Excerpted data below:

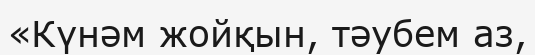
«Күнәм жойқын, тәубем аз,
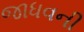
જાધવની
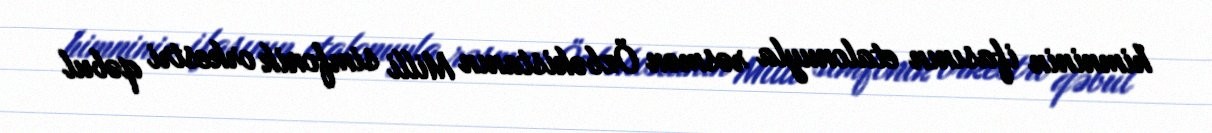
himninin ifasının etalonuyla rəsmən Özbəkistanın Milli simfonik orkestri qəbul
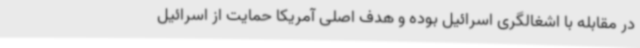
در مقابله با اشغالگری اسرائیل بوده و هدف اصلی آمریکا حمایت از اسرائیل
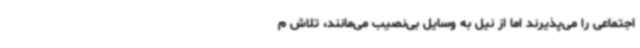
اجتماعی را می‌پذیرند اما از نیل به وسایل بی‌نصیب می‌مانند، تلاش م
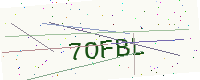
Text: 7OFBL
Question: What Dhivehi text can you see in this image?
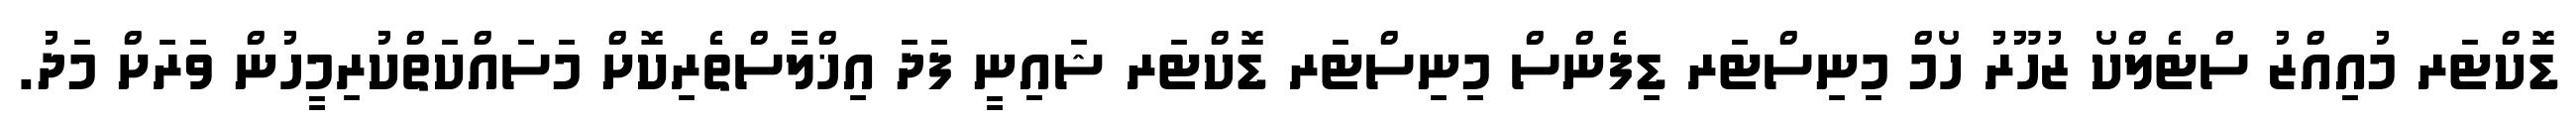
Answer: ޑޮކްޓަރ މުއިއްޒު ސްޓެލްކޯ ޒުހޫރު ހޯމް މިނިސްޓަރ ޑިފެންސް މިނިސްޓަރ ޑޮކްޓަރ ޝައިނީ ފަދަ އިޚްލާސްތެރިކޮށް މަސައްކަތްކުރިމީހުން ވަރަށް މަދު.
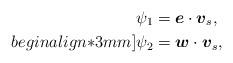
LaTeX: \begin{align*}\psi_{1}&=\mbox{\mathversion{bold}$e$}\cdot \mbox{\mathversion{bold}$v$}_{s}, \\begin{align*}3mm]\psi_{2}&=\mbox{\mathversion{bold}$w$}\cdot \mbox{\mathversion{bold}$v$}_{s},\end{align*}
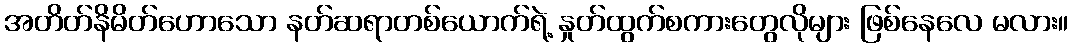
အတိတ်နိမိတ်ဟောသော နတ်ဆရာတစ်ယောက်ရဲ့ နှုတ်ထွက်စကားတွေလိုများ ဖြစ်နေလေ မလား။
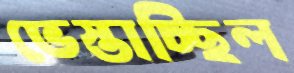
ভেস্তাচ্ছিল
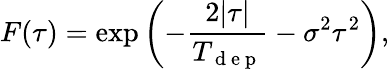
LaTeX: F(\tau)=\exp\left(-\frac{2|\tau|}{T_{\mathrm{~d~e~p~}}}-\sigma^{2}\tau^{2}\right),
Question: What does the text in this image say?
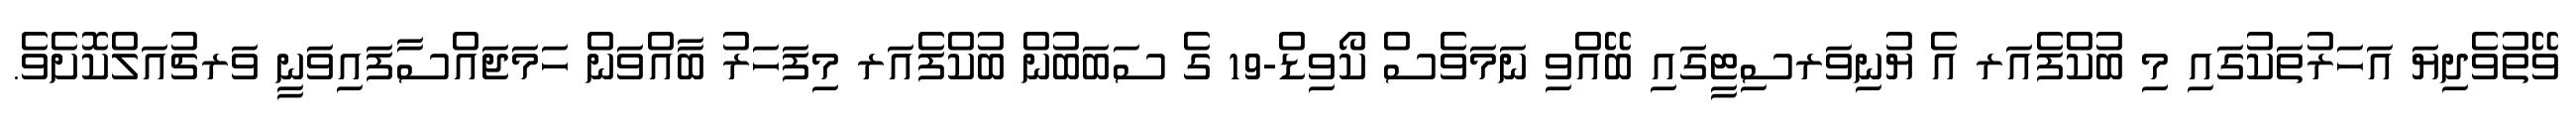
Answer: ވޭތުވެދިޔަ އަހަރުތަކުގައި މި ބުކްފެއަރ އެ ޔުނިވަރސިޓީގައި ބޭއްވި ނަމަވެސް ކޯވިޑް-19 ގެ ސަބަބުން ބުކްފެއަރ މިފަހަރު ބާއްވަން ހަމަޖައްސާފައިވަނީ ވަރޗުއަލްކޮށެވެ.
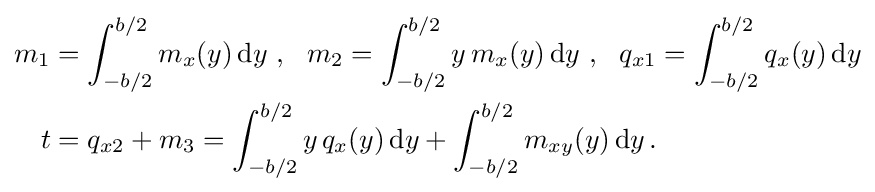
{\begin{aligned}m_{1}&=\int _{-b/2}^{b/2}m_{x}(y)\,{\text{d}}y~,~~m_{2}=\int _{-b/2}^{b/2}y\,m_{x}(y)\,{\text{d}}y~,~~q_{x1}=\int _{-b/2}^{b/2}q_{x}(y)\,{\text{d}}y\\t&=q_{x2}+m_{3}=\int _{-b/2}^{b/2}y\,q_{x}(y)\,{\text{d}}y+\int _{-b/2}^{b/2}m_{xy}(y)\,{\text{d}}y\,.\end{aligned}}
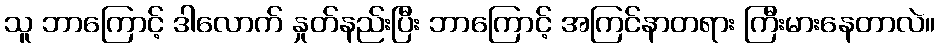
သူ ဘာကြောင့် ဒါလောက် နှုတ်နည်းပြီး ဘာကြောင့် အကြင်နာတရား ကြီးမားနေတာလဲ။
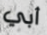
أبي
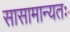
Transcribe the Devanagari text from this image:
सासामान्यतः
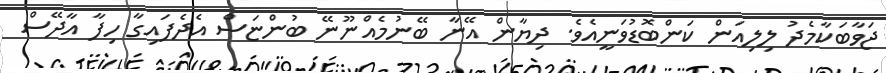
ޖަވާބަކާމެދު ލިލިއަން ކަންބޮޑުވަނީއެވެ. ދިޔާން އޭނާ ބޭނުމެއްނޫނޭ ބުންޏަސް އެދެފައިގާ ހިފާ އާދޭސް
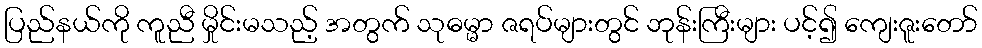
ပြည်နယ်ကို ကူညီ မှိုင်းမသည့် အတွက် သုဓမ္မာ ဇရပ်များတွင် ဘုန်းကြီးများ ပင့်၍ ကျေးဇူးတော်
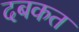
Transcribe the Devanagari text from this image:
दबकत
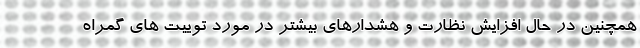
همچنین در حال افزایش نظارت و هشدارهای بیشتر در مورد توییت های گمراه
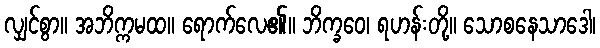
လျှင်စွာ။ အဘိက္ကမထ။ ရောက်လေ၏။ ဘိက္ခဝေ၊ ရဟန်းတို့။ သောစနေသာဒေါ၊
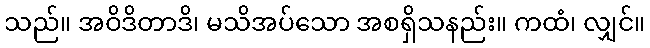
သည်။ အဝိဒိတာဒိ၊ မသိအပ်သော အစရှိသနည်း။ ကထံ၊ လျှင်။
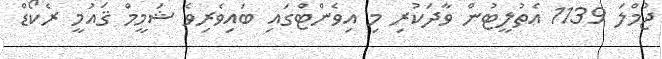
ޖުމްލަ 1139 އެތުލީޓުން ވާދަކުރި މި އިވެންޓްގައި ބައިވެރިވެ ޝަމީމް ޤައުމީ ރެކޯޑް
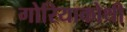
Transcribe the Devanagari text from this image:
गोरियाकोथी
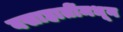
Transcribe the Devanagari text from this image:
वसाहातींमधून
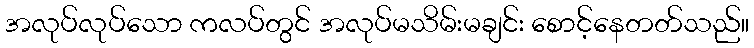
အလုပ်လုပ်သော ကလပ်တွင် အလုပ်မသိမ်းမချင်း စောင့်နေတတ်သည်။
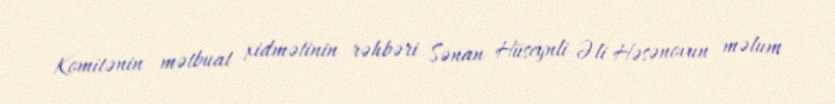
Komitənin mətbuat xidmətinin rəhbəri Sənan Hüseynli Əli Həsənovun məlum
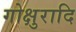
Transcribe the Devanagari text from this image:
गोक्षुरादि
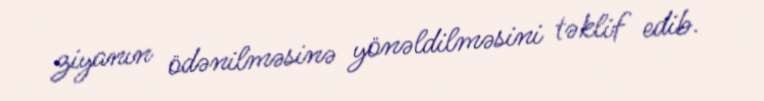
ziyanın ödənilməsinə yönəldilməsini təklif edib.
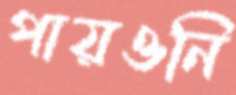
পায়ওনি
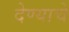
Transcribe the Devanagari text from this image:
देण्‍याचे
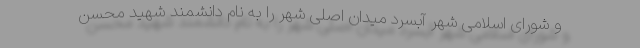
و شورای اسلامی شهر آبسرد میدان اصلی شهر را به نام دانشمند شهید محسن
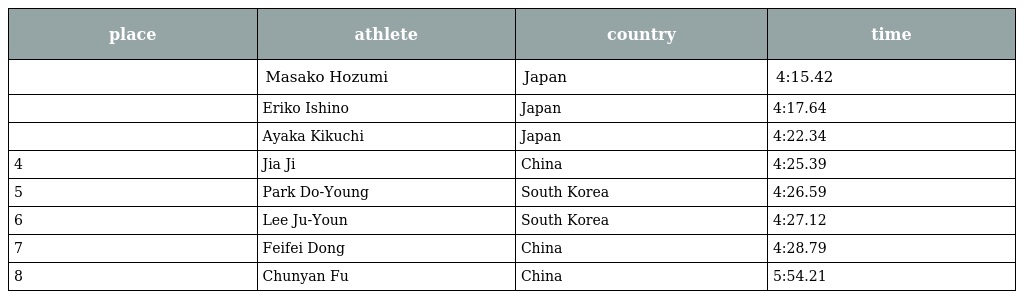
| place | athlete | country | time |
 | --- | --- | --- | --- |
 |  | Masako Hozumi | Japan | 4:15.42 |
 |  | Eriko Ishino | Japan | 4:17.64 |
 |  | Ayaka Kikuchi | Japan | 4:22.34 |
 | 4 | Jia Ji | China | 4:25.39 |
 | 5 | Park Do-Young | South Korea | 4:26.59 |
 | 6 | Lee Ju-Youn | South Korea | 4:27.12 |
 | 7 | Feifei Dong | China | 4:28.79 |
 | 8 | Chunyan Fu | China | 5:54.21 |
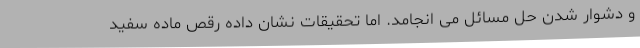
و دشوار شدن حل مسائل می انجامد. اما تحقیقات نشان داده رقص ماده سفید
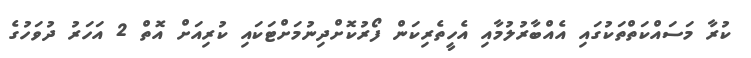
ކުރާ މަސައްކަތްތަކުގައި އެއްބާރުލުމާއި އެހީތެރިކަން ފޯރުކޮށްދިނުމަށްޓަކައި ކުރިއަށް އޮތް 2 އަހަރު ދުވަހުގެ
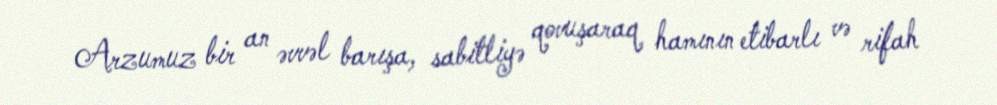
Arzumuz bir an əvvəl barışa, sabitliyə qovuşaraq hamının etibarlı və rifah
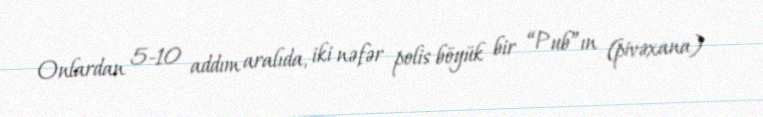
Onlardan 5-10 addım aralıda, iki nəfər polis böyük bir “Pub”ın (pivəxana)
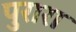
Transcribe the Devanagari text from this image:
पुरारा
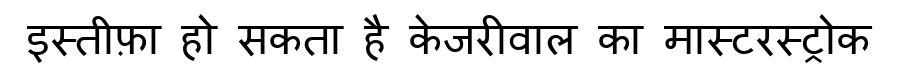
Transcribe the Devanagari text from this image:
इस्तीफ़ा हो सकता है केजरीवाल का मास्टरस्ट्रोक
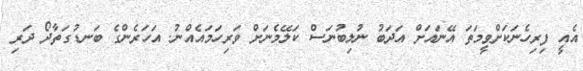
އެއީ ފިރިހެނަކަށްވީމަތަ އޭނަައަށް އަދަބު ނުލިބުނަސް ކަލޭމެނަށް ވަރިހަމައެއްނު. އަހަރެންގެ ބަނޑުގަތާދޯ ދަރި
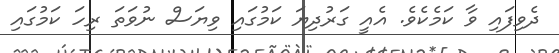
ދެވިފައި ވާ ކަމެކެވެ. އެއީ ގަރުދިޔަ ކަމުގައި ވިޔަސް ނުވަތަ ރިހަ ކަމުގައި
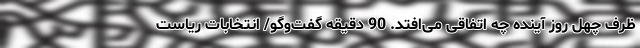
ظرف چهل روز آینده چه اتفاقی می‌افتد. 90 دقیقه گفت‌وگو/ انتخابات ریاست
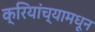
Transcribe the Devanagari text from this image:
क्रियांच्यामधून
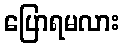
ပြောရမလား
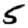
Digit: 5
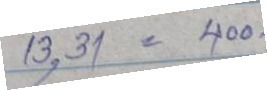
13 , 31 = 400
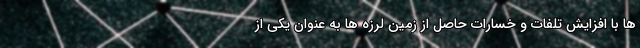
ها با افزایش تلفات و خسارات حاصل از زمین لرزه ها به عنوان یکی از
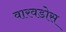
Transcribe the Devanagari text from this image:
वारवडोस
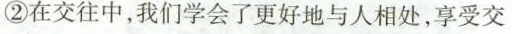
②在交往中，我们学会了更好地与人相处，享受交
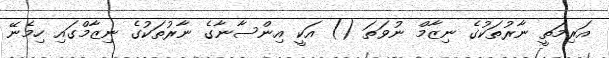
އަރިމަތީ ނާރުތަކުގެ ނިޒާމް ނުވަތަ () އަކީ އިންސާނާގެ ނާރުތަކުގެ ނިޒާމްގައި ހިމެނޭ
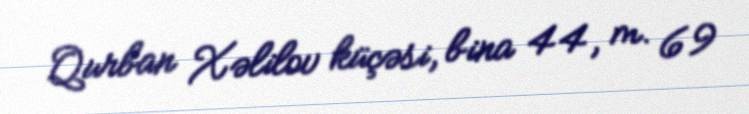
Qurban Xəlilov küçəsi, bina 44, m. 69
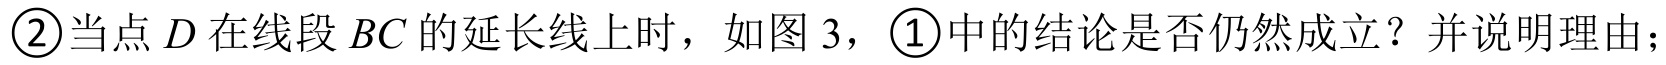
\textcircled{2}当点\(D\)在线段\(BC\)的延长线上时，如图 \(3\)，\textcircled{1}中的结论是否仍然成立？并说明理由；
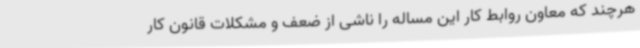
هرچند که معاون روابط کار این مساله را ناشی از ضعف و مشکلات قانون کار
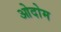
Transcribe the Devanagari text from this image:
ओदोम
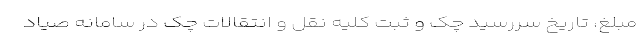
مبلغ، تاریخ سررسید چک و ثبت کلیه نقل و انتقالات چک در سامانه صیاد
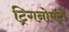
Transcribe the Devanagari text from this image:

End of Excerpted data.

## Problem statement:
In the records above, find the line with "Question: What Dhivehi" and the line with "Question: What does". Write out exactly those lines and every one between, with no pictures and no other lines.

## Answer below:
Question: What Dhivehi text can you see in this image?
Answer: ޑޮކްޓަރ މުއިއްޒު ސްޓެލްކޯ ޒުހޫރު ހޯމް މިނިސްޓަރ ޑިފެންސް މިނިސްޓަރ ޑޮކްޓަރ ޝައިނީ ފަދަ އިޚްލާސްތެރިކޮށް މަސައްކަތްކުރިމީހުން ވަރަށް މަދު.
LaTeX: \begin{align*}\psi_{1}&=\mbox{\mathversion{bold}$e$}\cdot \mbox{\mathversion{bold}$v$}_{s}, \\begin{align*}3mm]\psi_{2}&=\mbox{\mathversion{bold}$w$}\cdot \mbox{\mathversion{bold}$v$}_{s},\end{align*}
အတိတ်နိမိတ်ဟောသော နတ်ဆရာတစ်ယောက်ရဲ့ နှုတ်ထွက်စကားတွေလိုများ ဖြစ်နေလေ မလား။
ভেস্তাচ্ছিল
LaTeX: F(\tau)=\exp\left(-\frac{2|\tau|}{T_{\mathrm{~d~e~p~}}}-\sigma^{2}\tau^{2}\right),
Question: What does the text in this image say?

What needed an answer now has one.